Both, actually. Zelda jumped onto the bed and sat facing him. I wanted to ask how we were going to handle my time of the month while we're here.
Oh, hell. Ray groaned inwardly. That is coming up, isn't it?
I should have it by this weekend at the latest.
All right. Saturday. Remind me not to spike your food on Friday night, and you can stay in here all day. You're going to want my wand, aren't you?
Of course.
I should have known.
Yes, you should. Do you think your letter home you wrote yesterday has gotten there yet?
Probably.
How do you think everyone is taking it?
Don't know...
Lucius Malfoy sat completely still at his dining room table, one hand loosely gripping a sheet of parchment. "Gryffindor," he said finally, very quietly.
Narcissa looked up from her place at the foot of the table, where she was daintily eating porridge. "I beg your pardon, Lucius?"
"Gryffindor, Narcissa. Our son has been Sorted into Gryffindor."
Narcissa nodded. "I thought he might well be," she said. "This is good."
"Good?" Lucius stared at his wife. "No, this is not good!
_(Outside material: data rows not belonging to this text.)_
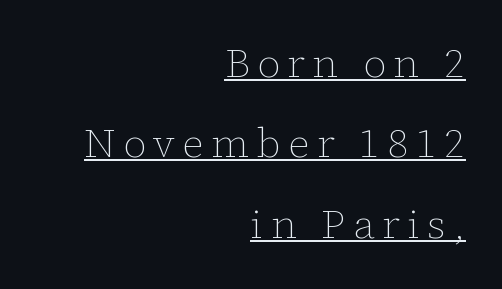
{"italic": "no", "bold": "no", "weight": "thin", "width": "normal", "stroke_contrast": "low", "x_height": "medium", "monospaced": "no", "underline": "yes", "align": "right", "line_spacing": "loose", "line_spacing_ratio": 1.96, "glyph_px": 41}
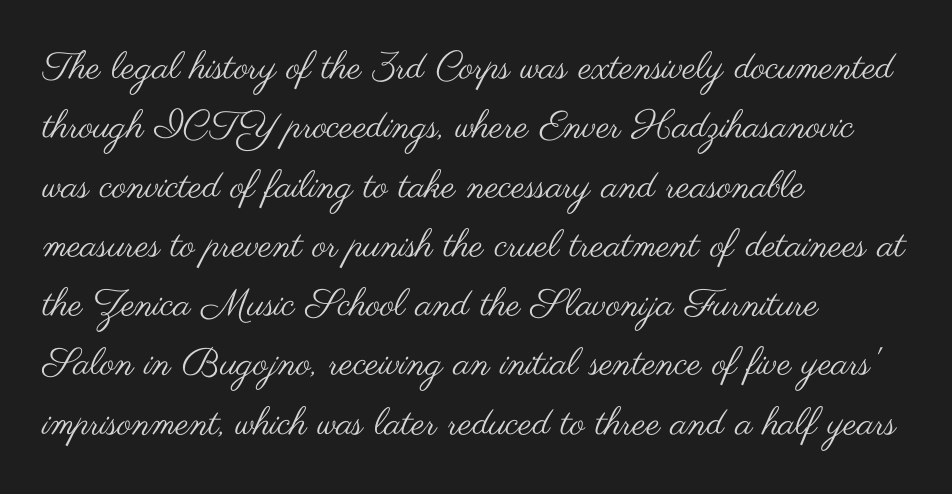
Q: Is the text bold? A: No.
Q: Is the text italic (slanted)? A: Yes.
Q: Is the typeface a serif or a sans-serif typeface? A: Sans-serif.
Q: Is the text underlined? A: No.
Q: How is the paragraph aligned? A: Left-aligned.
Q: Is the spacing between letters normal or unusually wide? A: Normal.
Q: Is the spacing between lines tight, normal or loose? A: Normal.
Q: Width (condensed, normal, or wide)? A: Wide.
Q: Stroke contrast? A: Medium.
Q: x-height? A: Small.
Q: Monospaced? A: No.

Malfoys are always Slytherins! For one to be a Gryffindor is a sign that something is seriously wrong..."
"No, it is simply a sign that Draco is not exactly like you, Lucius," said Narcissa irritably. "Do look at things sensibly. Tell me this. Do you expect the Dark Lord to return?"
Lucius sighed, sitting back in his chair. "Expect? I know not. Hope for, yes. Wish for, certainly. But expect is too strong a word."
"But you would prefer a future in which he did return to one in which he did not."
"Yes."
"And some, if not all, of your plans are made with regards to that sort of future."
"Indeed."
"Then consider, Lucius, how it will look, when he does return, to be able to say, 'My lord, my son is a member of the House most commonly devoted to the other side and therefore, if not beyond reproach, at least less likely to garner attention from certain faculty members, some of whom are known to favor that house... and my son has access at almost all times to the sleeping place and belongings of one Harry Potter.'"
Lucius sat up straight. "That is true. I had not considered that. Potter is the same age as Draco, and he would most likely be a Gryffindor himself... that is very true."
A smile appeared on his face, one Narcissa knew well. It meant Lucius was losing himself in blissful dreams of a future in which he ruled over hordes of slaves, Muggle and magical, directing where they could go and whom they could see, reveling in their sorrow and humiliation.
She got up and slipped out. She would not be missed. Dobby would bring her breakfast in her room, and she could enjoy some civilized conversation.
She recalled the one thing she had done, all those years ago, which more than any other had secured her the loyalty of their household servants...
"Lucius."
They were alone in her bedchamber. Draco, a month-old infant, was in the nursery, being cared for by Dobby. The other members of their household were tending to their own business, which Lucius thought to be one thing, but Narcissa knew to be entirely another.
But that does not concern us now.
"Yes, Narcissa?" Her husband looked up from the scrolls he was studying, pale brows drawing in towards the center in a frown.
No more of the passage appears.